Well, since he is using RCN in Chicago, he "probably" has the choice of going to Comcast. However, I believe Comcast is also moving Chicago to all digital this year (or did they already complete the switch?) So, with either company, his issues will still apply.


----------



## fergie8 (Oct 26, 2006)

brooklyng said:


> Dear TiVo Friends,
> 
> RCN Chicago is sunsetting its analog cable service. This has forced us to get 3 cable boxes for our 3 tivo boxes. We do not have HD. We do not have any premium channels.
> [...]
> ...


Just like you, I live in Chicago, I have three TiVos, and my cable company is RCN. Previously my Chicago cable company was Comcast, and prior to that I had RCN, and prior to that I had ATT Broadband / Comcast, and prior to that I had RCN, all in Chicago within the past 5-1/2 years. Based on my vast experience then ... 

... I wouldn't recommend either Comcast or RCN. IMO, the customer service at both companies is pretty poor. I would say the customer service at TiVo is pretty poor too. I have found poorly informed telephone customer service reps at all three of those companies. Bad customer service is a world-wide corporate problem.

I don't know that you would gain anything by switching to Comcast. AFAIK, Comcast went full digital about a year ago in Chicago. In my former Edgewater neighborhood it was already that way when we moved from there last May. Pretty soon in Chicago, I believe you're going to need a converter box for each Series 2 (or do you have Series 1?) TiVo you have regardless of whether you choose Comcast or RCN.

The one RCN digital converter box that I have works just fine with the Series 2 TiVo. I use the IR blaster that came with the TiVo (didn't you get one with each of your TiVos?). You might have to fuss a bit with the placement of the Infrared transmitters over the front of the converter box, but I didn't have a problem with that.

My advice would be that you NOT try to get your cable installer involved in the process of hooking up the converter box to your TiVo at all. That will bring you many more headaches. Try to do it yourself. If you have problems, come back here for help. I can probably get you photos of my setup if need be.


----------



## Luke M (Nov 5, 2002)

bicker said:


> That last bit is important: The switch to digital is an equal-opportunity change: It will affect you the same regardless of which of the various competitors (we have Comcast, RCN, FiOS, DirecTV and Dish Network available to folks here in Burlington) you switch to. It isn't any specific service provider that you're noticing -- it is the passage of time that you're noticing.

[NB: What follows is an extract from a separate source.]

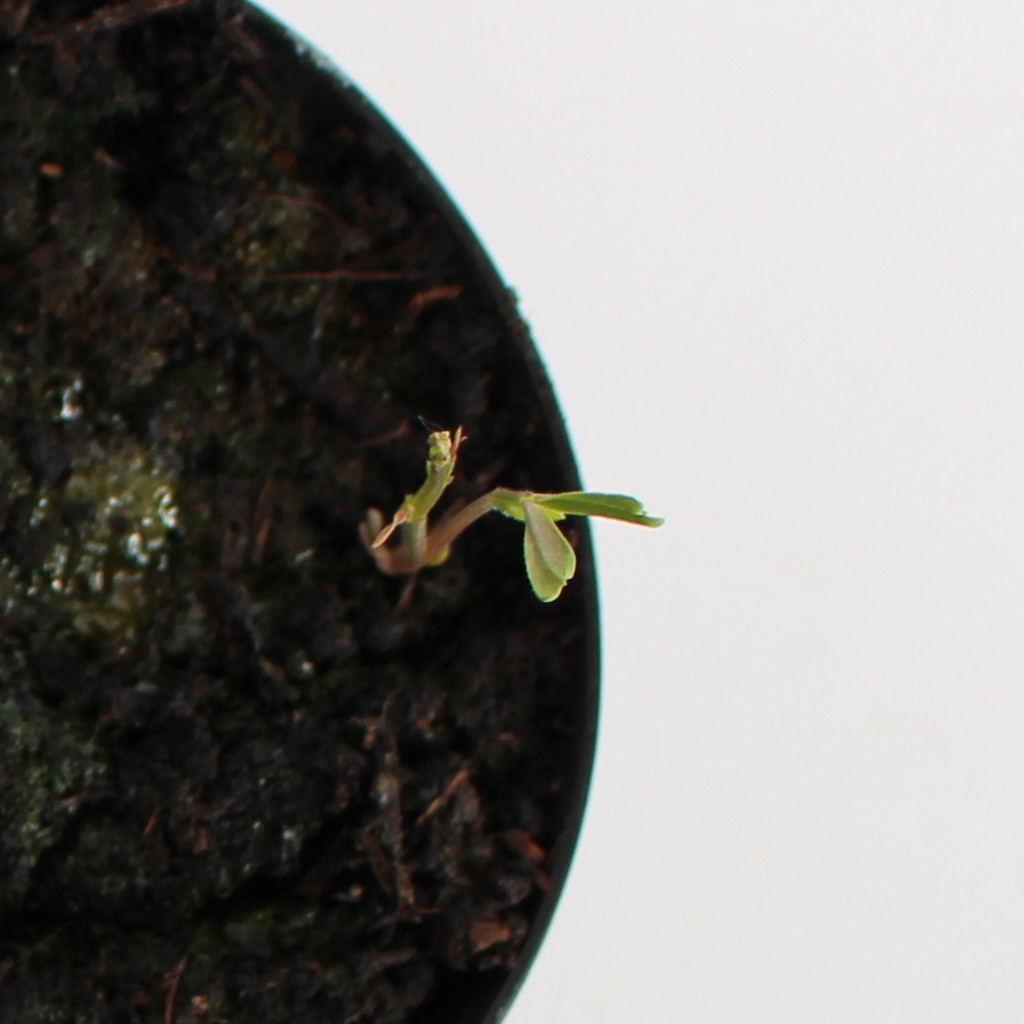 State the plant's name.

Vicia sativa

DBS never had any kind of analog. FIOS has an unusually small analog tier, which is going away. Most cable systems still have a large analog tier, and will for the forseeable future.


----------



## ZeoTiVo (Jan 2, 2004)

Luke M said:


> DBS never had any kind of analog. FIOS has an unusually small analog tier, which is going away. Most cable systems still have a large analog tier, and will for the forseeable future.


except in Chicago, where Bicker's point does have merit.


----------



## brooklyng (Feb 6, 2008)

Dear everyone who replied to my thread-

I am so grateful for your assistance! We found the old IR cables that came with our TIVO's and so far we have one successfully configured...so we're 1/3 way there.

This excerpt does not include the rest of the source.